The problem
The full listing is to be returned exactly as given, but without pictures.

── Extracted material

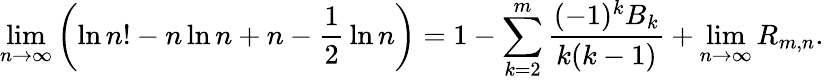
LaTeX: \operatorname*{lim}_{n\to\infty}\left(\ln n!-n\ln n+n-{\frac{1}{2}}\ln n\right)=1-\sum_{k=2}^{m}{\frac{(-1)^{k}B_{k}}{k(k-1)}}+\operatorname*{lim}_{n\to\infty}R_{m,n}.
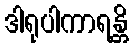
ဒါရုပါကာရန္တိ
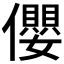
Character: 𪝼
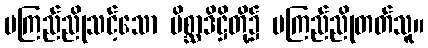
မကြည်ညိုသင့်သော မိစ္ဆာဒိဋ္ဌိတို့၌ မကြည်ညိုတတ်သူ။
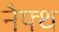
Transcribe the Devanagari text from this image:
नैफ्थ
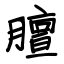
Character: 膻
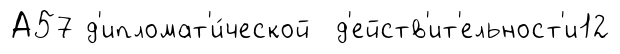
А57 д'ипломат'и́ческой д'ейств'ит'ельност'и12
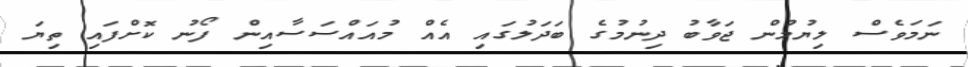
ނަމަވެސް ލިޔުމުން ޖަވާބު ދިނުމުގެ ބަދަލުގައި އެއް މުއައްސަސާއިން ފޯނު ކޮށްފައި ތިޔަ
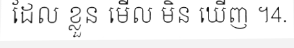
ដែល ខ្លួន មើល មិន ឃើញ ។4.
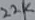
Text: 22K
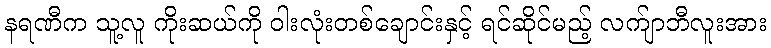
နရဏီက သူ့လူ ကိုးဆယ်ကို ဝါးလုံးတစ်ချောင်းနှင့် ရင်ဆိုင်မည့် လက်ျာဘီလူးအား
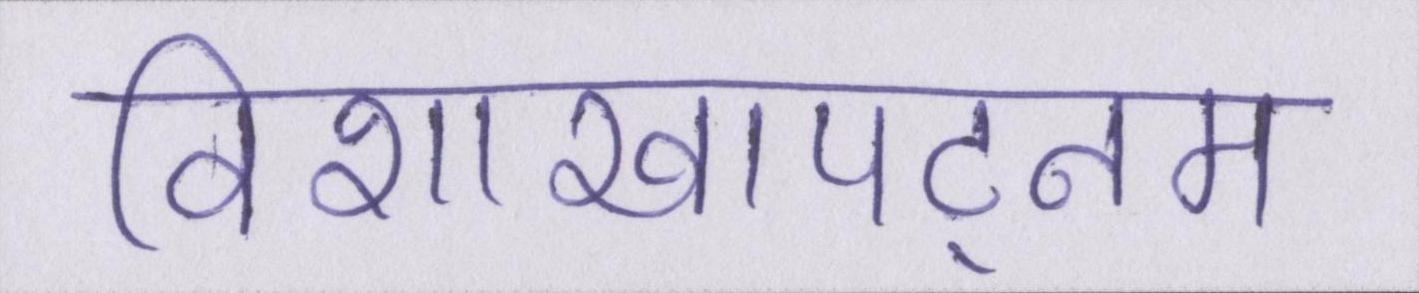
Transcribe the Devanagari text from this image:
विशाखापट्नम
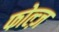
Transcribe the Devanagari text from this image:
फोल्ज़
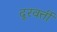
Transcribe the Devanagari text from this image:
दूरवर्त्ती

────

Reply to the task
LaTeX: \operatorname*{lim}_{n\to\infty}\left(\ln n!-n\ln n+n-{\frac{1}{2}}\ln n\right)=1-\sum_{k=2}^{m}{\frac{(-1)^{k}B_{k}}{k(k-1)}}+\operatorname*{lim}_{n\to\infty}R_{m,n}.
ဒါရုပါကာရန္တိ
Character: 𪝼
မကြည်ညိုသင့်သော မိစ္ဆာဒိဋ္ဌိတို့၌ မကြည်ညိုတတ်သူ။
Transcribe the Devanagari text from this image:
नैफ्थ
Character: 膻
А57 д'ипломат'и́ческой д'ейств'ит'ельност'и12
ނަމަވެސް ލިޔުމުން ޖަވާބު ދިނުމުގެ ބަދަލުގައި އެއް މުއައްސަސާއިން ފޯނު ކޮށްފައި ތިޔަ
ដែល ខ្លួន មើល មិន ឃើញ ។4.
Text: 22K
နရဏီက သူ့လူ ကိုးဆယ်ကို ဝါးလုံးတစ်ချောင်းနှင့် ရင်ဆိုင်မည့် လက်ျာဘီလူးအား
Transcribe the Devanagari text from this image:
विशाखापट्नम
Transcribe the Devanagari text from this image:
फोल्ज़
Transcribe the Devanagari text from this image:
दूरवर्त्ती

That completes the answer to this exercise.